Most efficient way to find neighbors in list

Question

I have a list of length 2016, but only 242 contain data, the rest is set to None. My aim is to interpolate between the values to fill all gaps with a simple form of IDW (inverse distance weighting). So the task of my script is:

• Iterate over all items of myList
• If the myList contains a value (that is not None), just copy it
• If you find a "None" in myList, get position/value of the left and right neighbor by calculating the distance to all items in myList
• Calculate an interpolated value for the gap from both neighbors (the farer they are away, the less weight they shall get)

Assume we have a smaller list of only 14 items (5 valid ones):

myList = [26, None, None, None, 31, None, None, 58, None, 42, None, None, None, 79]
resultList = [None] * len(myList)

for i in range(len(myList):
    if not myList[i] is None:
        resultList[i] = myList[i]
    else:
        distance = [i - j for j in range(len(myList)) if not myList[j] is None]
        neighbors = min([n for n in dist if n>0]), max([n for n in dist if n<0])
        # rest of the interpolation (not important for my question):
        neighbors_c = [(1/float(n))**2 for n in neighbors]
        c_sum = sum(neighbors_c)
        neighbors_c = [n/c_sum for n in neighbors_c]
        resultList = myList[i-neighbors[0]]*neighbors_c[0] + myList[i-neighbors[1]]*neighbors_c[1]

I am doing that for many many data sets. I found out that this method takes about 0.59sec per data set. What bothers me is the fact that my list is all sorted, but I will only need 2 values from it. So 99% of the distances are calculated for nothing. That led me to attempt two: stop the iteration after i-j becomes negative, because then obviously it ran into the closest values:

So instead of the list comprehension:

distance = [i - j for j in range(len(myList)) if not myList[j] is None]

I do a proper for-loop which I quit after distances pass zero and thus become larger again:

dist = []
for j in range(len(myList)):
    if not myList[j] is None:
        dist.append(i-j)
        if i-j < 0: break

With this method I was able to get down to 0.38sec per data set. When iterating over all items in myList, this second method is quick at the beginning (item is hit after 2nd, 3rd, 4th, ... loop and quit immediately), but there is no improvement for the last items, since iteration always starts at j=0.

I wonder if you can think of any quicker way to find the two neighbors of a specific number in a data set, without having to check ALL distances and only taking the largest negative and smalles positive one.

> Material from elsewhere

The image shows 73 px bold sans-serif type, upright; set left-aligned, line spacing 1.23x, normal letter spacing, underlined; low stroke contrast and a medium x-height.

Also, I'm quite new to python, so please let me know if you find other un-pythonic expressions in my script. Thank you guys very much!

Answer 1

UPDATE: Here's how to do it with numpy interp:

import numpy as np

myList = [26, None, None, None, 31, None, None, 58, None, 42, None, None, None, 79]

values = [(i, val) for i, val in enumerate(myList) if val is not None]

xp, fp = zip(*values)

print(xp) # (0, 4, 7, 9, 13)
print(fp) # (26, 31, 58, 42, 79)

result = np.interp(np.arange(len(myList)), xp, fp)
print(result) # [ 26.    27.25  28.5   29.75  31.    40.    49.    58.    50.    42.    51.25  60.5   69.75  79.  ]

Original Post:

As others have already suggested, your be best off with using some interpolation already implemented in numpy or pandas.

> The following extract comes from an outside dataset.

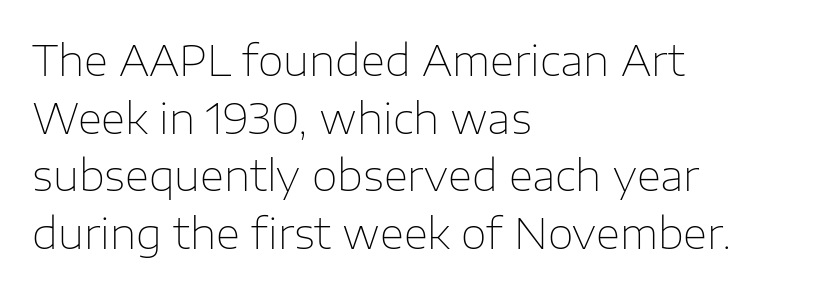
The image shows 42 px thin sans-serif type, upright; set left-aligned, normal line spacing (1.37x), normal letter spacing, not underlined; low stroke contrast and a medium x-height.

However for completeness here's a a quick solution I came up with:

myList = [26, None, None, None, 31, None, None, 58, None, 42, None, None, None, 79]

resultList = []

# first lets split the list into sublists that group the numbers
# and the Nones into groups
for i, item in enumerate(myList):
    if i == 0:
        resultList.append([item])
    else:
        if type(resultList[-1][-1]) == type(item):
            resultList[-1].append(item)
        else:
            resultList.append([item])

print(resultList) # [[26], [None, None, None], [31], [None, None], [58], [None], [42], [None, None, None], [79]]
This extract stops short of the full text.